Other than your DNA what makes you different than the next person? If you were applying for a job and the person interviewing you asked the question "Why should we hire you? Why are you right for this job and this company?"
If we are not different, we aren't attractive. That goes for individuals and businesses.
I recently completed a really good book by Scott McKain, called "The Collapse of Distinction". This book is a business based book. Scott draws experiences of growing up in a small town and comparing two different restaurants to partly illustrate how one should run their business. He also has first-hand experience of his father owning a business. This personal experience helped me to better understand what his principles should look like in real life.
The reason why we visit different places of business is usually because there is something distinct about them. These distinctions can have about as much variation as the color spectrum. However, the key is to have something that makes your business distinct (not just a color scheme). When a business is distinct is it going to live. When it is ordinary and the same, then it will not last.

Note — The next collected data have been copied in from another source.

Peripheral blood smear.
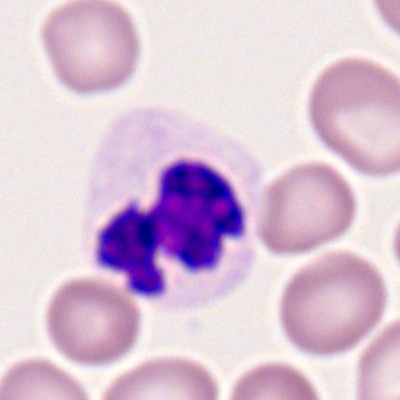Morphology consistent with a neutrophil (segmented).
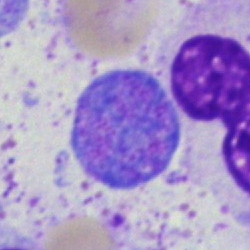 Q: What is shown here?
A: An artifact.
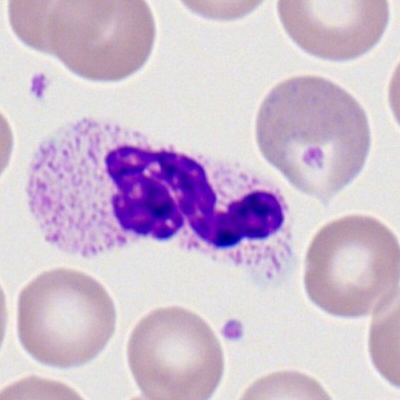

Showing a neutrophil (segmented).
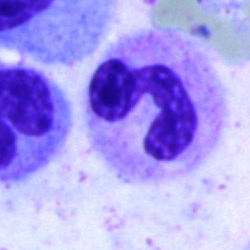Morphology → polymorphonuclear neutrophil.
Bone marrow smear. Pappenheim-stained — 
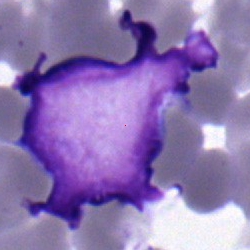
Q: Which cell type is shown here?
A: A typical lymphocyte.
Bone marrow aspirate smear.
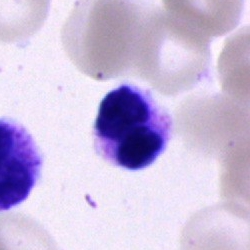 Showing a neutrophil (segmented).
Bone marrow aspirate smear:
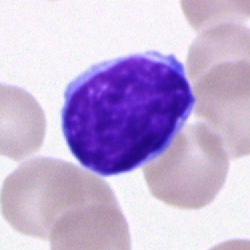 Morphological class — typical lymphocyte.
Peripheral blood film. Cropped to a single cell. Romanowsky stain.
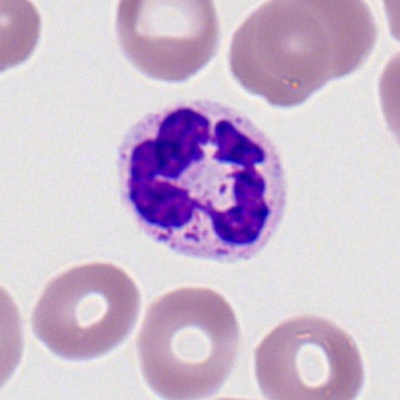

A segmented neutrophil.
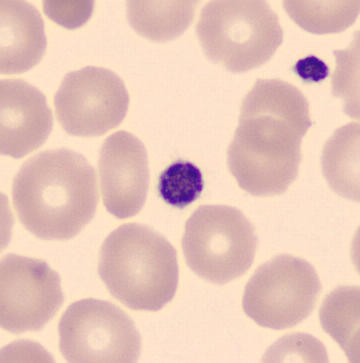

Image: Peripheral blood film.

This is a platelet.
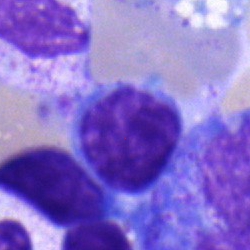 Cell type — lymphocyte.
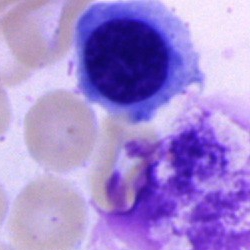 Q: What cell is this?
A: A normoblast.
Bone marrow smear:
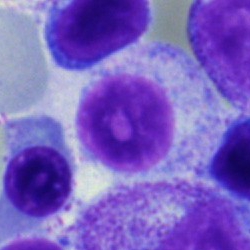

The cell is cell of indeterminate lineage.
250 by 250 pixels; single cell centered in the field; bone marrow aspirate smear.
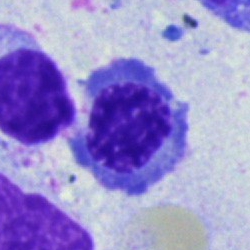Q: What is the morphological classification of this cell?
A: Erythroblast.
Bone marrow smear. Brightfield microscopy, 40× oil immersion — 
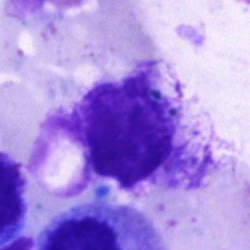Artifact.
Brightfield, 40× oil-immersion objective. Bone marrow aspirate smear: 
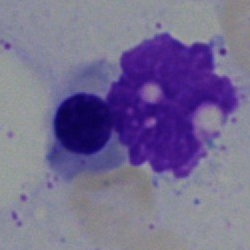

Q: Which cell type is shown here?
A: A nucleated red blood cell.
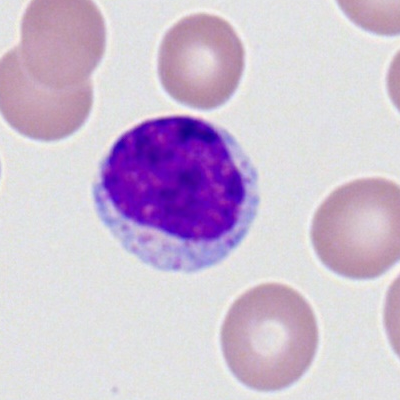
Classification: lymphocyte.
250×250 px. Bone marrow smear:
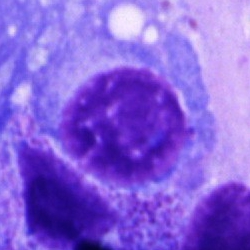 Morphology — plasmacyte.
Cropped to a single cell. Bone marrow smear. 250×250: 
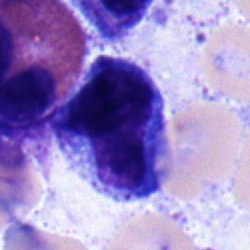Q: What type of cell is this?
A: This is a monocyte.
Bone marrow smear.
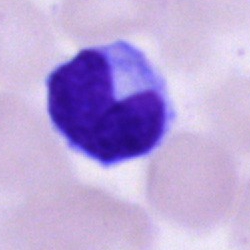Showing an unidentifiable cell.
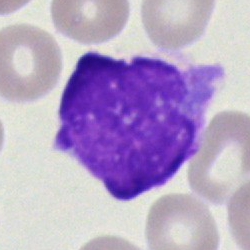

This is an artifact.
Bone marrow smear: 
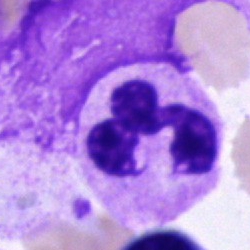

Impression — segmented neutrophil.
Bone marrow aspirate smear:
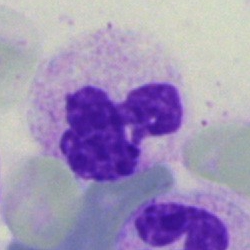 Cell = segmented neutrophil.
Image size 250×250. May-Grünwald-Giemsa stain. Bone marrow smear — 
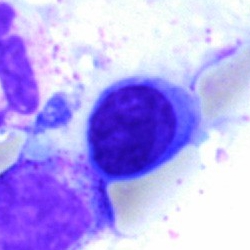
Q: What is shown here?
A: This is an erythroblast.
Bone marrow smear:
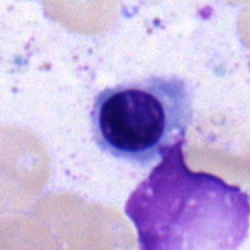

Q: Which cell type is shown here?
A: This is a normoblast.
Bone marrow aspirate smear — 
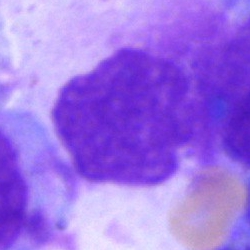Q: What is shown here?
A: Artifact.
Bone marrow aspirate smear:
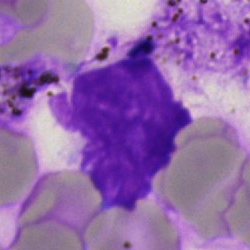
Impression — artifact.
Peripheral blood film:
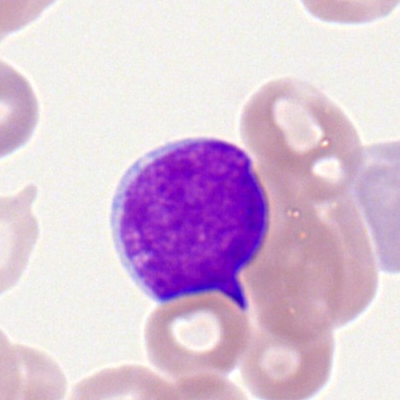 Impression → myeloblast.
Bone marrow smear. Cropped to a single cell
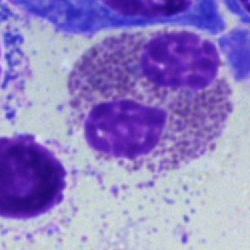

Specimen: bone marrow aspirate smear.
Cell type: eosinophil.
Lineage: myeloid.
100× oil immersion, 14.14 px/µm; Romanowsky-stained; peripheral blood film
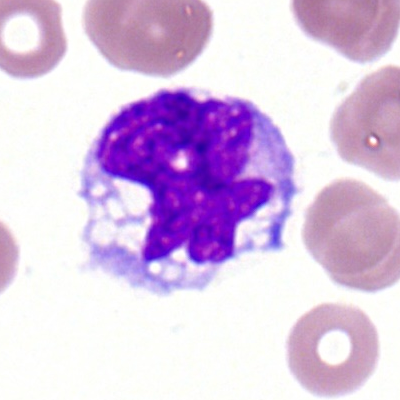
Impression → monocyte.
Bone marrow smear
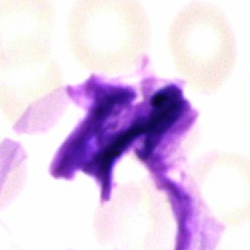
Cell: artifact.
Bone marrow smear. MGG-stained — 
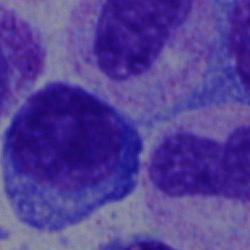 Q: What cell is this?
A: Plasma cell.
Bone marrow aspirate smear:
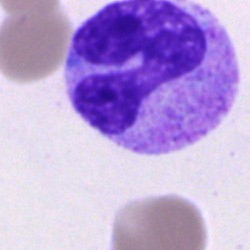 Cell = band neutrophil.
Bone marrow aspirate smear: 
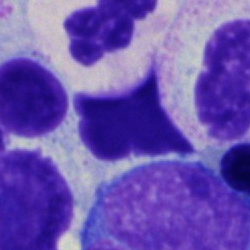

Q: What is shown here?
A: An artefact.
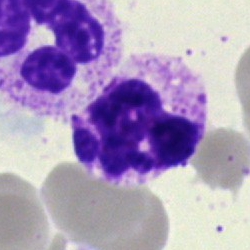Q: Identify the cell.
A: This is a neutrophil (segmented).
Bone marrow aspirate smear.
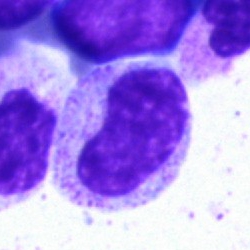 The cell is metamyelocyte.
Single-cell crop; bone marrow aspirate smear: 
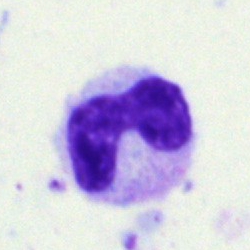{"cell_type": "band-form neutrophil"}
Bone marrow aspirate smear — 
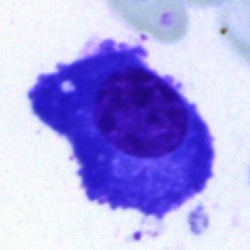 The cell type is plasma cell.
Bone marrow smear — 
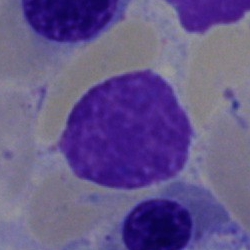Morphological class: artefact.
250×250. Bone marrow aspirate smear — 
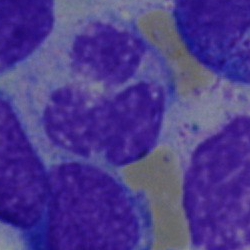Morphology — monocyte.
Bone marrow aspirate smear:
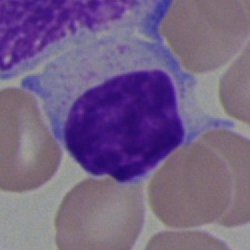Single cell identified as a typical lymphocyte.
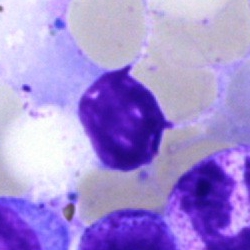

Morphology — artifact.
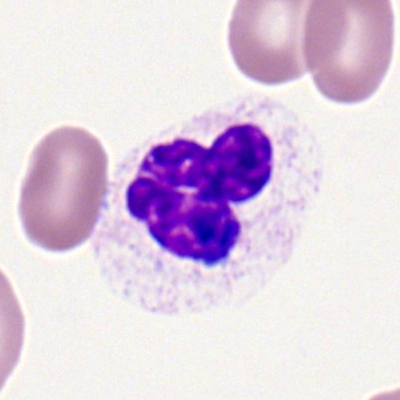
Q: What cell is this?
A: It is a polymorphonuclear neutrophil.
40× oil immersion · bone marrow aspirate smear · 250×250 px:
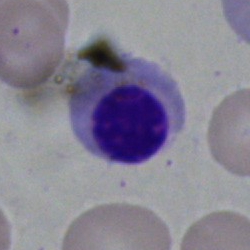

Classification — erythroblast.
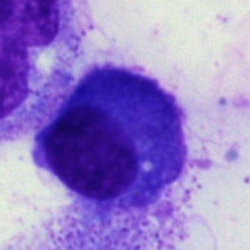
Single cell identified as a plasmacyte.
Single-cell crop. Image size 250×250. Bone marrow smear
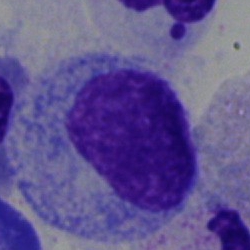

Impression — promyelocyte.
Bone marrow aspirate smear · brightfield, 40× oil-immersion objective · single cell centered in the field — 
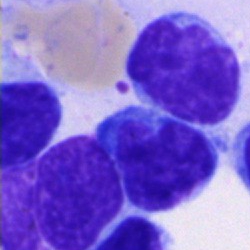
Q: What cell is this?
A: It is a typical lymphocyte.
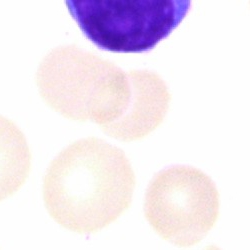 Typical lymphocyte.

Oddly, as a minister, this book had a lot of good principles to use in ministry. Churches are, in a sense, businesses. We, too, must be distinct, otherwise we will die. Much of what goes on inside a building is very similar. Christian churches use the Holy Bible. So, what makes one distinct over another, especially within one's town? I have already thought of different things that I am working on utilizing the principle, in the church setting.
I really enjoyed this book and will probably pick it up again in the future to read again!